Na obrzeżach Tomaszowa jest kopalnia piasku, można ją zwiedzać, ale nam zabrakło już czasu.
Następnym razem.


Ostatnim punktem wycieczki był wspomniany już przeze mnie Piotrków Trybunalski, który tak mile mnie zaskoczył swoją urodą, zamkiem, wystawą rysunku na rynku, dowcipem restauratorów [na zdjęciu], dobrym jedzeniem w Zielonej Oliwce – plus za to!

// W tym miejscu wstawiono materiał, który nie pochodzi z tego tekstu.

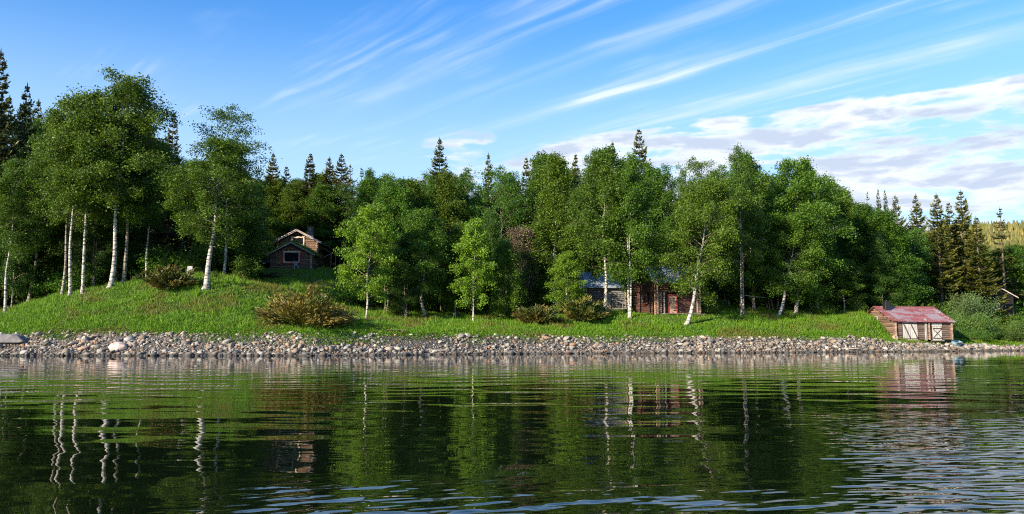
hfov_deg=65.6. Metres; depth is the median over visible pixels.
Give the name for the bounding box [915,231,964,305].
birch tree
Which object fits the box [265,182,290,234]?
birch tree
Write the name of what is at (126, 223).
birch tree
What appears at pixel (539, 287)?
birch tree
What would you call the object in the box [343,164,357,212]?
spruce tree
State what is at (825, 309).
shrub
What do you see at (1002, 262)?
spruce tree
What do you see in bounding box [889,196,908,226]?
spruce tree
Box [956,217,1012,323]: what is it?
spruce tree
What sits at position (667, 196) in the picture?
birch tree
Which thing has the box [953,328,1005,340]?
willow bush
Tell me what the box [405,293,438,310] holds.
undergrowth shrub
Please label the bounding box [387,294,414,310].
undergrowth shrub
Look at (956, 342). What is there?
boat
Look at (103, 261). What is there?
birch tree
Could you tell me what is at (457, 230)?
birch tree
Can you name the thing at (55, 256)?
birch tree
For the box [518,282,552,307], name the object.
undergrowth shrub
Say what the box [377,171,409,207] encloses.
birch tree
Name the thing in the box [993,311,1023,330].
undergrowth shrub
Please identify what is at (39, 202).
birch tree
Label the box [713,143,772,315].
birch tree
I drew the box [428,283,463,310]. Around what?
undergrowth shrub
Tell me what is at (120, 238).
birch tree
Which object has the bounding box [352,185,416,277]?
birch tree
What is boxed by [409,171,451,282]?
birch tree
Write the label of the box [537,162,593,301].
birch tree
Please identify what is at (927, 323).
boathouse
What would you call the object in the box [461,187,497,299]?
birch tree
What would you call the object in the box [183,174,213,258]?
wood tree
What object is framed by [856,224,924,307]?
birch tree
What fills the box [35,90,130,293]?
birch tree
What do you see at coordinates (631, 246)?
birch tree
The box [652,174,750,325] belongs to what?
birch tree
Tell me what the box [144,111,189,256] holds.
spruce tree
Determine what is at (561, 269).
birch tree
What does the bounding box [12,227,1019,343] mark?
ground
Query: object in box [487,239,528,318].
birch tree
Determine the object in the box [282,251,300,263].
window
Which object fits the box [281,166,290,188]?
spruce tree
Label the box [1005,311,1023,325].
undergrowth shrub
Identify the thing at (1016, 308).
undergrowth shrub
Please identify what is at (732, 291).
birch tree
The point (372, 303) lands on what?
undergrowth shrub
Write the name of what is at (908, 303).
undergrowth shrub
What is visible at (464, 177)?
birch tree
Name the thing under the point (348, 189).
birch tree
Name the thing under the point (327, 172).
spruce tree
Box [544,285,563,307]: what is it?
undergrowth shrub
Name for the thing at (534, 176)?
birch tree
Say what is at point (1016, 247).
birch tree
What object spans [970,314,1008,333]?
willow bush
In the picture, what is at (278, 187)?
birch tree
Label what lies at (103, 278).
undergrowth shrub
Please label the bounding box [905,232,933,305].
birch tree
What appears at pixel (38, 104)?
wood tree
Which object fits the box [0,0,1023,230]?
sky
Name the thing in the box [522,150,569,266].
birch tree
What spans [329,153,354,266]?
spruce tree
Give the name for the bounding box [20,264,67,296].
undergrowth shrub
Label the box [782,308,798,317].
shrub
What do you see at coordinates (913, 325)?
door
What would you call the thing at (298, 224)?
birch tree
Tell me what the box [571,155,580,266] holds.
spruce tree
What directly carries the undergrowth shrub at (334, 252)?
on the ground at (608, 310)
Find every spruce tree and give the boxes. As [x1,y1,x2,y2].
[0,50,30,306]
[0,82,49,304]
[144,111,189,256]
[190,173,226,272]
[262,152,282,250]
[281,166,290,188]
[293,153,321,238]
[319,156,336,189]
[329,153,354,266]
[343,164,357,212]
[357,168,364,274]
[427,137,458,272]
[475,152,497,292]
[519,158,530,222]
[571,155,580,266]
[629,130,655,289]
[875,190,881,210]
[883,191,887,211]
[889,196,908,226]
[907,194,928,234]
[915,194,968,308]
[932,203,976,306]
[944,190,991,299]
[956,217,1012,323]
[989,209,1023,299]
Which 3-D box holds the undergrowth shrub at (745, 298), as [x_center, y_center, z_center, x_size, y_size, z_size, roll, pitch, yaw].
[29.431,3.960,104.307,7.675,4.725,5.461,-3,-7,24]
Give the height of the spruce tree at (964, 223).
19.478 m
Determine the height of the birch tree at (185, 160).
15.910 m
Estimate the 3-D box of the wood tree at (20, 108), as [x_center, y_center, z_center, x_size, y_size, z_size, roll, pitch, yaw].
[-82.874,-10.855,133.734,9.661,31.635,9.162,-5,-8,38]
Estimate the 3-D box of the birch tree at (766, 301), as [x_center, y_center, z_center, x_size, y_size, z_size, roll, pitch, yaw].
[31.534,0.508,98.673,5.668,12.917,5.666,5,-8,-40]
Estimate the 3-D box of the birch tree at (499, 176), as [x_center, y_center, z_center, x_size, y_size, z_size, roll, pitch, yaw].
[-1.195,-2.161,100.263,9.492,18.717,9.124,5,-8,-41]
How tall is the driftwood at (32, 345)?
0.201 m
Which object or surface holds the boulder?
on the stone bank
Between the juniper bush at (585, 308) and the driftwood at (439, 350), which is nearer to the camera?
the driftwood at (439, 350)
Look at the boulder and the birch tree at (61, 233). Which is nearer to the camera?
the boulder
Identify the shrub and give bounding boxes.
[1,283,40,303]
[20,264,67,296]
[27,263,55,297]
[37,257,67,291]
[45,265,102,291]
[73,269,99,288]
[73,270,120,285]
[103,260,139,280]
[117,257,141,281]
[120,244,169,277]
[128,244,183,278]
[152,257,184,273]
[165,239,225,273]
[176,243,233,273]
[192,244,232,273]
[210,270,219,277]
[228,252,262,279]
[322,240,341,261]
[328,280,373,302]
[331,245,347,267]
[347,282,389,307]
[386,304,407,314]
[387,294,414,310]
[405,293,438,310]
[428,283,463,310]
[434,292,486,312]
[475,292,500,310]
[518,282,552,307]
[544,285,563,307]
[701,302,721,314]
[708,297,732,310]
[719,290,749,302]
[769,291,808,305]
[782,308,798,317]
[809,301,840,314]
[832,288,852,305]
[838,300,868,311]
[865,297,944,311]
[866,294,909,308]
[921,295,949,313]
[935,301,966,314]
[985,311,1009,327]
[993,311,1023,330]
[996,302,1023,321]
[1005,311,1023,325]
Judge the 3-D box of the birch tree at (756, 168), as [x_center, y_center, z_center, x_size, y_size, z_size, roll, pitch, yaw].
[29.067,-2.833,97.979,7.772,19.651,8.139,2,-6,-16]
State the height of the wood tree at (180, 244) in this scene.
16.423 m
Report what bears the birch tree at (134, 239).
on the ground at (608, 310)
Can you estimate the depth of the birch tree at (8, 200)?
86.01 m
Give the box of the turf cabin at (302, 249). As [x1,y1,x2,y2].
[266,227,339,268]
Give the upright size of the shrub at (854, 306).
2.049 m
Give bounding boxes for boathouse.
[868,301,955,340]
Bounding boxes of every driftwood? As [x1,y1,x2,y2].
[25,345,39,346]
[427,349,450,350]
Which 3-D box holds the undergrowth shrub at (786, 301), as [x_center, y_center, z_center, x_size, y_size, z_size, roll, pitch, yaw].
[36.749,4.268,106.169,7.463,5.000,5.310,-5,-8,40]
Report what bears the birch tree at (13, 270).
on the ground at (608, 310)
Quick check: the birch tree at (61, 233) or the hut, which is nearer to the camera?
the birch tree at (61, 233)
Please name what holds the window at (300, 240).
in the turf cabin at (302, 249)
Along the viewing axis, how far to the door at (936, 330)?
90.26 m
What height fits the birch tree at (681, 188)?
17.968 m
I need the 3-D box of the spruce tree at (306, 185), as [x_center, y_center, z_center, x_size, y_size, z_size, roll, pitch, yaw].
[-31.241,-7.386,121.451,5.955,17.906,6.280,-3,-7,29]
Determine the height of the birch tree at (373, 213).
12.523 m
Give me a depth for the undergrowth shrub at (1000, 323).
105.53 m
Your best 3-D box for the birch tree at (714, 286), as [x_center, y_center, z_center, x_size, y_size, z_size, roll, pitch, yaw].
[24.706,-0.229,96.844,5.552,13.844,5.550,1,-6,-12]
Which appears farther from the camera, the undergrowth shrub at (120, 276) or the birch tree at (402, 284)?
the undergrowth shrub at (120, 276)
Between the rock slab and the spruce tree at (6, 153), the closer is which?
the rock slab
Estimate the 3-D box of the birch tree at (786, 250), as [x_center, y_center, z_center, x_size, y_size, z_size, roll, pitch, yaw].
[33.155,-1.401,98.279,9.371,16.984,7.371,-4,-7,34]
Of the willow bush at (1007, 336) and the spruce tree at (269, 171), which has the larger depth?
the spruce tree at (269, 171)
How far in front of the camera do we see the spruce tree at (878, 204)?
149.81 m
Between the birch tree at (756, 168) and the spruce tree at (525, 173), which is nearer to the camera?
the birch tree at (756, 168)
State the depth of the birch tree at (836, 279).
96.56 m
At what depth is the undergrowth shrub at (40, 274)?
95.96 m
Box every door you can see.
[603,292,610,307]
[669,296,676,312]
[902,322,910,339]
[910,322,917,339]
[932,326,941,339]
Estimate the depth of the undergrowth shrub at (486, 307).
96.22 m
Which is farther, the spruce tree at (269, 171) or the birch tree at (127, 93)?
the spruce tree at (269, 171)
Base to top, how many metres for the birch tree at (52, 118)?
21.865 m
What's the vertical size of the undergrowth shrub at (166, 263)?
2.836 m
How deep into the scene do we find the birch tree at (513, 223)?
106.54 m
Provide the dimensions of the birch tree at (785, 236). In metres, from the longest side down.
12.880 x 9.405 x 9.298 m
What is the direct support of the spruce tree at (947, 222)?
on the ground at (608, 310)
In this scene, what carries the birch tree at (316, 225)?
on the ground at (608, 310)
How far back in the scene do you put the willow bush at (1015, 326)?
100.67 m
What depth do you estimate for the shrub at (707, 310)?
90.50 m
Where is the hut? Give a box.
[982,288,1018,317]
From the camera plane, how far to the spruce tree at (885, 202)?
151.83 m
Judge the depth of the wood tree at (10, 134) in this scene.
128.18 m
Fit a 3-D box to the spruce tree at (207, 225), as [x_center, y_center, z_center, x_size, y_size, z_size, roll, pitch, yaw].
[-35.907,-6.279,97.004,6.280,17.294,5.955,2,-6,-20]
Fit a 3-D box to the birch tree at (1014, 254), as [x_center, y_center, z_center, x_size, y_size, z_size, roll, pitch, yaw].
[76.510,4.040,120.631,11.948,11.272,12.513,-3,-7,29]
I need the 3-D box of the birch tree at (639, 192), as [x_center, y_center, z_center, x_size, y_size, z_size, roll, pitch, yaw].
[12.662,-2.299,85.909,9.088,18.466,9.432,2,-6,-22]
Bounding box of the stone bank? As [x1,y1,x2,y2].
[0,329,1023,355]
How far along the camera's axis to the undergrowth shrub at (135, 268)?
96.46 m
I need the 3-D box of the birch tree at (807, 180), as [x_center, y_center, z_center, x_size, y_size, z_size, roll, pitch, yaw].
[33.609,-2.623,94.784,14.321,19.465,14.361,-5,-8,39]
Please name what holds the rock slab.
on the stone bank
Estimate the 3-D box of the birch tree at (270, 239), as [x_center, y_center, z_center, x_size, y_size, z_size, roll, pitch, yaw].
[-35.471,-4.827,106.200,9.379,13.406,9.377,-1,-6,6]
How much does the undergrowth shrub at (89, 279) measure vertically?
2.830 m
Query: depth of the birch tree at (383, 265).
95.07 m
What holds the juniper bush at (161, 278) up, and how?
on the ground at (608, 310)
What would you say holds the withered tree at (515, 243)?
on the ground at (608, 310)
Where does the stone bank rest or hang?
on the ground at (608, 310)
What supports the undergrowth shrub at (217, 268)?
on the ground at (608, 310)
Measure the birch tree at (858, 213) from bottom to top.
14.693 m
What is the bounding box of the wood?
[922,220,1023,256]
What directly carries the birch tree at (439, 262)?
on the ground at (608, 310)
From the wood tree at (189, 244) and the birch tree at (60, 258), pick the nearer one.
the birch tree at (60, 258)
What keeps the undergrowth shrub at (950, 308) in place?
on the ground at (608, 310)
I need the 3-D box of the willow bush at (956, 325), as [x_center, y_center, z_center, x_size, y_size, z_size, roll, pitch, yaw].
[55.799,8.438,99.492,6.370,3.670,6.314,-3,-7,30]
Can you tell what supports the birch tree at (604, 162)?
on the ground at (608, 310)
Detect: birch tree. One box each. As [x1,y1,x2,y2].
[0,156,59,312]
[0,185,40,306]
[1,154,74,300]
[18,114,106,294]
[18,116,60,275]
[24,93,113,295]
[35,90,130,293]
[39,139,74,269]
[41,64,185,288]
[44,117,112,281]
[55,184,107,282]
[69,188,118,286]
[79,118,172,284]
[95,177,143,281]
[111,108,165,256]
[111,183,161,280]
[114,134,184,276]
[138,172,188,247]
[153,134,274,290]
[164,157,206,258]
[180,103,277,274]
[201,166,273,269]
[207,176,270,259]
[222,204,263,277]
[244,175,279,260]
[257,179,284,250]
[263,176,298,250]
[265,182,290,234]
[269,177,312,233]
[271,181,321,248]
[288,197,325,239]
[289,182,346,246]
[318,210,351,244]
[322,183,359,248]
[333,202,398,318]
[338,176,379,282]
[341,167,380,271]
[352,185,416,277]
[353,173,418,302]
[361,239,403,310]
[368,235,397,304]
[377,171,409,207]
[384,232,430,317]
[386,205,452,315]
[401,176,426,282]
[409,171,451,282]
[419,222,457,312]
[423,168,476,278]
[432,221,482,316]
[447,216,497,320]
[449,165,484,273]
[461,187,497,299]
[462,165,539,257]
[470,209,508,312]
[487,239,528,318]
[490,172,529,293]
[509,155,562,280]
[513,229,547,307]
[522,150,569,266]
[522,151,586,313]
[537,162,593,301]
[543,249,588,312]
[560,144,648,311]
[573,148,622,271]
[574,148,610,271]
[584,152,672,319]
[593,156,656,287]
[634,160,671,266]
[639,163,691,292]
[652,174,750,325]
[662,167,703,266]
[670,155,730,274]
[695,201,738,300]
[697,173,747,306]
[701,164,730,269]
[709,150,767,306]
[710,233,744,304]
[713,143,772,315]
[721,158,780,309]
[741,155,860,313]
[745,211,835,314]
[747,238,793,309]
[761,171,773,299]
[761,182,809,309]
[785,163,839,309]
[794,234,845,308]
[818,258,870,310]
[819,181,847,303]
[821,188,863,305]
[834,202,876,305]
[853,209,933,306]
[855,231,905,305]
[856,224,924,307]
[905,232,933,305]
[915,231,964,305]
[983,247,1023,313]
[1003,244,1023,270]
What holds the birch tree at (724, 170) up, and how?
on the ground at (608, 310)
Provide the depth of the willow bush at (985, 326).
98.22 m
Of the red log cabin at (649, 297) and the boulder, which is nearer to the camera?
the boulder
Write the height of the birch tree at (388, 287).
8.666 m
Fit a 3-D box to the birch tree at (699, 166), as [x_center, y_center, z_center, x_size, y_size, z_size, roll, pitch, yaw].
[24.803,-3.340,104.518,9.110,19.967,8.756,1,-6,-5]
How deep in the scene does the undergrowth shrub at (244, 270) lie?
88.93 m
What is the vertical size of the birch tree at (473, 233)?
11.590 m
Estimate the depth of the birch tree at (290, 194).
119.99 m
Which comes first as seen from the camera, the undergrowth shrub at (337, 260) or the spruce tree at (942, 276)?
the spruce tree at (942, 276)
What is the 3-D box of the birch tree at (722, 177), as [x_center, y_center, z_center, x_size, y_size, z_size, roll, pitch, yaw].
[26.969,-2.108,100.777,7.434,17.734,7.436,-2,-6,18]
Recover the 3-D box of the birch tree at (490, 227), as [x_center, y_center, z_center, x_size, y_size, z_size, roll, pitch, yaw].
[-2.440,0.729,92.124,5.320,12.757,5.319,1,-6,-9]
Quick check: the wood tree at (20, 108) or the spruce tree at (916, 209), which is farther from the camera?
the wood tree at (20, 108)
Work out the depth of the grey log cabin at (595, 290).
96.03 m
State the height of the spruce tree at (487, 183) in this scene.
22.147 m
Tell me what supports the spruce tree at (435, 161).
on the ground at (608, 310)
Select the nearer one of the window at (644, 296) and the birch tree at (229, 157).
the birch tree at (229, 157)
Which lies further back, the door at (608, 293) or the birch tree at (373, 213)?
the door at (608, 293)
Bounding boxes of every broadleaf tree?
[832,201,916,261]
[891,225,938,305]
[1012,268,1023,315]
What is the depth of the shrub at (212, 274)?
83.09 m
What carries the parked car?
on the ground at (608, 310)
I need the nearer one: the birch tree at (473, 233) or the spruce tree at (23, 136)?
the birch tree at (473, 233)
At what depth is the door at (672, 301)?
88.19 m
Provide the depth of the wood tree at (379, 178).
116.62 m
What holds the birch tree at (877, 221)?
on the ground at (608, 310)
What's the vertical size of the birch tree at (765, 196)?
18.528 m
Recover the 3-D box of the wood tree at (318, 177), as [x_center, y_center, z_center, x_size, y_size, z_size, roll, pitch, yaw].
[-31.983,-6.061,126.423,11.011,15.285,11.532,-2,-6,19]
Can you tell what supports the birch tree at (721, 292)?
on the ground at (608, 310)
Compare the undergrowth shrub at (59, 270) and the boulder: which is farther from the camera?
the undergrowth shrub at (59, 270)
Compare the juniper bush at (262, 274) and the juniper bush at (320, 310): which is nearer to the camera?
the juniper bush at (320, 310)
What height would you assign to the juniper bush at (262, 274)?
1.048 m
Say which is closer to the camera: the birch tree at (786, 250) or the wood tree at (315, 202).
the birch tree at (786, 250)
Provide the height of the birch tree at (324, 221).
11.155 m
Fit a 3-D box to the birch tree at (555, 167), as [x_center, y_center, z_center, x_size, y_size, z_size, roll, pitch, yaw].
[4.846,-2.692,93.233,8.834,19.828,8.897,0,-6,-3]
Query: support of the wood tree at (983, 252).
on the ground at (608, 310)
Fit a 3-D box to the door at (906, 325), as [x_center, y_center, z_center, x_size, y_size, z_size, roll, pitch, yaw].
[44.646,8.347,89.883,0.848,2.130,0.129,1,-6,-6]
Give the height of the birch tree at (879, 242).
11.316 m
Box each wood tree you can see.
[0,95,16,272]
[10,101,29,149]
[25,99,43,272]
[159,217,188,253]
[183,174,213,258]
[285,172,330,229]
[300,183,345,262]
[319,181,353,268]
[365,176,386,272]
[960,244,1012,293]
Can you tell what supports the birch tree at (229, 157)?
on the ground at (608, 310)
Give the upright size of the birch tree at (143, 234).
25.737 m
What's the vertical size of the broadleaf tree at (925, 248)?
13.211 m
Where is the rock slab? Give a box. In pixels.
[0,334,27,342]
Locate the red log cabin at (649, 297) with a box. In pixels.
[629,266,704,314]
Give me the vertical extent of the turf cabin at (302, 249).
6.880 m
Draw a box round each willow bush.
[942,290,986,322]
[945,312,982,336]
[950,311,996,336]
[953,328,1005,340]
[956,288,1005,325]
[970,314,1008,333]
[990,326,1023,340]
[1002,319,1023,341]
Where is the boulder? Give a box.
[108,342,126,350]
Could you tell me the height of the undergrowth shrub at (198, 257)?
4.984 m
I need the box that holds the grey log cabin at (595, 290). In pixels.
[568,272,626,308]
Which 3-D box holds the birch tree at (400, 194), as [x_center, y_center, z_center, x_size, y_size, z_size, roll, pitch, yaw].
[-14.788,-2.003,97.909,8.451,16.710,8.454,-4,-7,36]
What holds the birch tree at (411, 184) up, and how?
on the ground at (608, 310)
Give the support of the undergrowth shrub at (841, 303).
on the ground at (608, 310)
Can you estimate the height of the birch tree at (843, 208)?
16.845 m
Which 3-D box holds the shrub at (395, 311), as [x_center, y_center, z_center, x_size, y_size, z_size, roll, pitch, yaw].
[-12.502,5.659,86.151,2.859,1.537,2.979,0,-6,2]
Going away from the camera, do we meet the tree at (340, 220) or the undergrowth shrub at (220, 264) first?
the undergrowth shrub at (220, 264)
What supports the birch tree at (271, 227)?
on the ground at (608, 310)
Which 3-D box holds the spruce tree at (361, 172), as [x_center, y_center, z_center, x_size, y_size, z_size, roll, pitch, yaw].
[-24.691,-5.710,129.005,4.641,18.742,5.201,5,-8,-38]
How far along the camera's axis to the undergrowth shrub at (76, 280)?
89.35 m
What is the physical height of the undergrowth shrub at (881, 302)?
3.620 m
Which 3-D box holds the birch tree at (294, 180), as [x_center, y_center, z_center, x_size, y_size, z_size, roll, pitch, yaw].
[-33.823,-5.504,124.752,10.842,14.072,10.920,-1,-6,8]
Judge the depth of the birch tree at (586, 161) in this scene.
100.61 m
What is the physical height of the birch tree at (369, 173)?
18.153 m
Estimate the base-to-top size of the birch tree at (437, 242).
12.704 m
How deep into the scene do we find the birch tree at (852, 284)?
97.38 m
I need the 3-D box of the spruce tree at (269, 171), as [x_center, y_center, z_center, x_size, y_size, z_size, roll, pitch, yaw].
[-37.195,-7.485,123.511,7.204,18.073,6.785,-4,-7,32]
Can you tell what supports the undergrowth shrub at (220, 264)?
on the ground at (608, 310)
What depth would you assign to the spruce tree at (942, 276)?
108.06 m
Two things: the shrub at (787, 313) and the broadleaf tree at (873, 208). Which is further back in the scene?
the broadleaf tree at (873, 208)
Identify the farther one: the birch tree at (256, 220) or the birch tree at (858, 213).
the birch tree at (858, 213)
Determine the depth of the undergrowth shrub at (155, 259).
92.41 m
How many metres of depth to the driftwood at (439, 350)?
69.53 m
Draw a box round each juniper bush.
[133,264,202,289]
[226,271,280,277]
[244,281,360,327]
[511,303,563,323]
[553,295,613,321]
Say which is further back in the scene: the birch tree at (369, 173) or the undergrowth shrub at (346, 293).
the birch tree at (369, 173)
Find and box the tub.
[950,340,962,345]
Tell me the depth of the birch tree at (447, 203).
100.64 m
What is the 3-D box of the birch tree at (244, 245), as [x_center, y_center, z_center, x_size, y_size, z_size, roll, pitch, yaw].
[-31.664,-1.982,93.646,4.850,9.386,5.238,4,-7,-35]
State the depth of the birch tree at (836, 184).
113.57 m
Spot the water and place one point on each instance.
(805, 433)
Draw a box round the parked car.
[257,257,269,266]
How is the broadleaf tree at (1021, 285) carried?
on the ground at (608, 310)
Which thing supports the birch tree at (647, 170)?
on the ground at (608, 310)
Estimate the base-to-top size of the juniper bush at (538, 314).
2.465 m
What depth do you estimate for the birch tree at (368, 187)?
103.90 m
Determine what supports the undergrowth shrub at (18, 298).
on the ground at (608, 310)
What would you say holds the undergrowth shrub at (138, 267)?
on the ground at (608, 310)
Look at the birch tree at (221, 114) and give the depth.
91.27 m
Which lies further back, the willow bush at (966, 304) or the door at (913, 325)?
the willow bush at (966, 304)
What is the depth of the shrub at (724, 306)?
93.54 m
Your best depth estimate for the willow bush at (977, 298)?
105.05 m
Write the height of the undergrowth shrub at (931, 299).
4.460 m
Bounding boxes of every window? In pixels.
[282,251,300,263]
[291,236,304,244]
[642,294,647,304]
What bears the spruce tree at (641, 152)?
on the ground at (608, 310)
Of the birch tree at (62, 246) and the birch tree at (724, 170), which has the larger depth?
the birch tree at (724, 170)
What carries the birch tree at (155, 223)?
on the ground at (608, 310)
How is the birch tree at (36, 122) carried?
on the ground at (608, 310)
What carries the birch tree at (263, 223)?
on the ground at (608, 310)
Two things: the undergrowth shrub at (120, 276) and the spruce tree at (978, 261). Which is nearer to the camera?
the undergrowth shrub at (120, 276)
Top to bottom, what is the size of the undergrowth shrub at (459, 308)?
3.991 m
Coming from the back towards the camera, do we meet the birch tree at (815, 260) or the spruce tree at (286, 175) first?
the spruce tree at (286, 175)
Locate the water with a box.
[0,351,1023,513]
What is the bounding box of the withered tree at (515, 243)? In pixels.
[501,223,550,311]
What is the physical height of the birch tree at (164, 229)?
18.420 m
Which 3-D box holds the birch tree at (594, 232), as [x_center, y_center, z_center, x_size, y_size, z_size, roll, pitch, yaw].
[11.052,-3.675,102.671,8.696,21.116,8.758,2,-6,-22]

Tam właśnie zaadaptowaliśmy do własnych potrzeb pewien zwyczaj, który pojawił się jakiś czas temu na świecie, mianowicie zakaz używania telefonów i urządzeń elektronicznych przy wspólnym posiłku. Kładziemy telefony na środku stołu, ekranem w dół a ten, kto pierwszy sięgnie po telefon – płaci rachunek. Telefon można wziąć, jak kelnerka przyniesie rachunek. Jak do tej pory niestety każdy płacił za siebie :) 


Marzanna, Unewel 1-5.VI.2013 
Więcej zdjęć w Galerii. 

obrazkowa

nie-dzielna

Everything changes. Everything is connected. Pay attention.

1 komentarz:

  1. Ten artykuł dowodzi, powtórzę za Jachowiczem, "Cudze chwalicie, swego nie znacie". Polska jest pięknym krajem, ma wiele fantastycznych miejsc, tylko trzeba mieć oczy szeroko otwarte :-) Swoją drogą fajnie napisane sprawozdanie (chwytliwy tytuł- naprawdę mnie urzekł), podoba mi się jego forma – dużo ciekawostek jak również potrzebnych informacji. Czyta się lekko i przyjemnie. Dodatkowym plusem jest przejrzyście umieszczony tekst. Blog super, czekam na więcej!